*** Records supplied ***

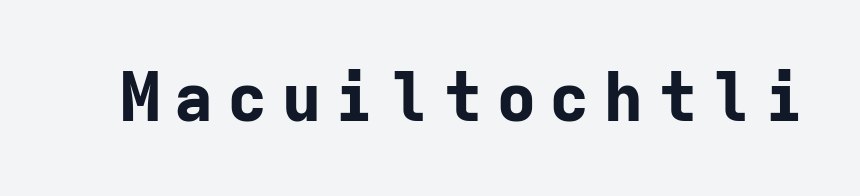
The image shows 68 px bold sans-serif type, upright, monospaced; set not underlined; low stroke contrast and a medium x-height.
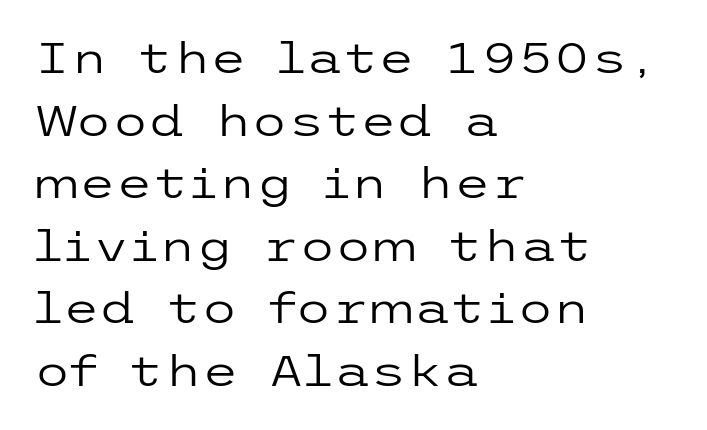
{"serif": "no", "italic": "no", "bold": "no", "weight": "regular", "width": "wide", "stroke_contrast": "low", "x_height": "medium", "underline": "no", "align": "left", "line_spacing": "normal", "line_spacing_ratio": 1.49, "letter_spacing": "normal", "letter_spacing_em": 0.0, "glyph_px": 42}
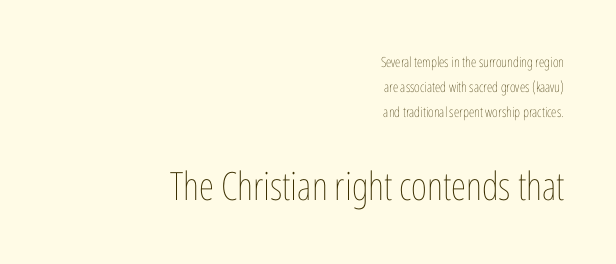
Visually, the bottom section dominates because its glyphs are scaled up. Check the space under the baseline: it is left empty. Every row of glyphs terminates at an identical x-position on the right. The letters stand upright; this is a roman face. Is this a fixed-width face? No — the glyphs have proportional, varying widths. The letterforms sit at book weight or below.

***
*** Records supplied ***

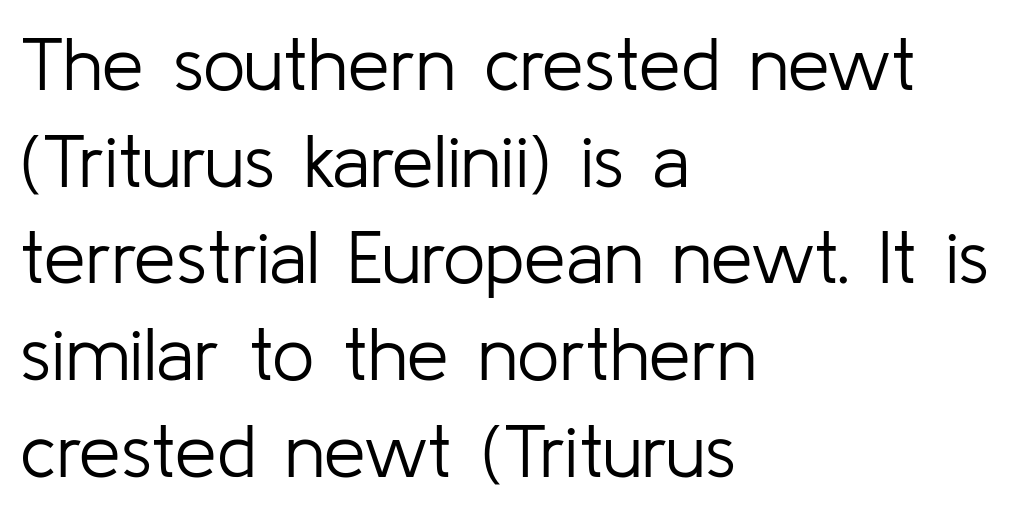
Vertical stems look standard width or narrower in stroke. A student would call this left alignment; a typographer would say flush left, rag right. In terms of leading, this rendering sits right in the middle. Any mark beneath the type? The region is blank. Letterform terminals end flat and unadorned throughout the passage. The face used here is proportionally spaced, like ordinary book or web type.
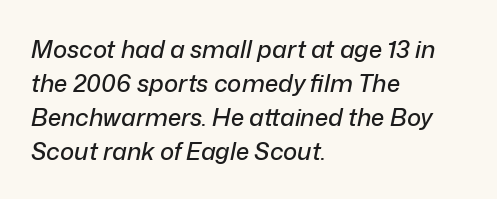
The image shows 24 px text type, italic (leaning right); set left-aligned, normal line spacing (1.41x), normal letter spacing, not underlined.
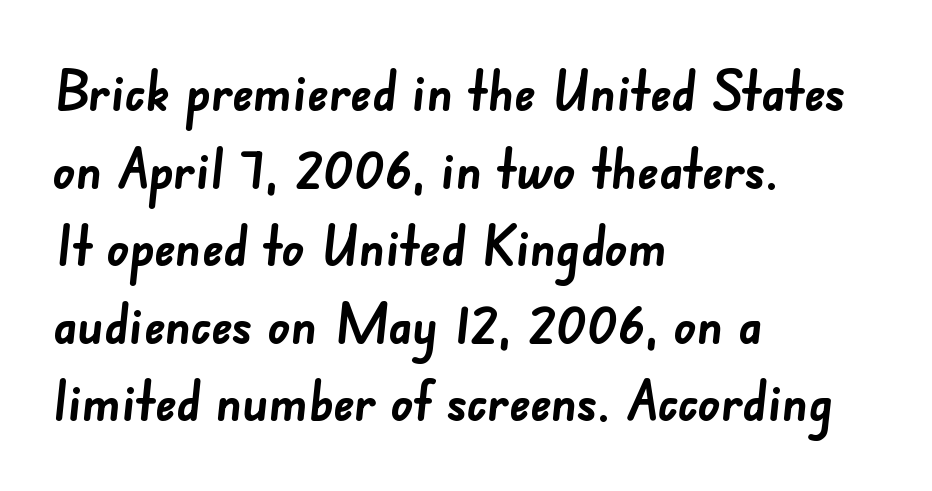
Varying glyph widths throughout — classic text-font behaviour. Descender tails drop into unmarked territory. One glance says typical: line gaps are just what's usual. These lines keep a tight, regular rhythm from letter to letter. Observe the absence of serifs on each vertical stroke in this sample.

***

> [Your assignment]
Please output the lines above beginning at the line with "The image shows 68" and ending after the line with "Visually, the bottom", precisely as written and with no pictures.

> [Result of the exercise]
The image shows 68 px bold sans-serif type, upright, monospaced; set not underlined; low stroke contrast and a medium x-height.
{"serif": "no", "italic": "no", "bold": "no", "weight": "regular", "width": "wide", "stroke_contrast": "low", "x_height": "medium", "underline": "no", "align": "left", "line_spacing": "normal", "line_spacing_ratio": 1.49, "letter_spacing": "normal", "letter_spacing_em": 0.0, "glyph_px": 42}
Visually, the bottom section dominates because its glyphs are scaled up. Check the space under the baseline: it is left empty. Every row of glyphs terminates at an identical x-position on the right. The letters stand upright; this is a roman face. Is this a fixed-width face? No — the glyphs have proportional, varying widths. The letterforms sit at book weight or below.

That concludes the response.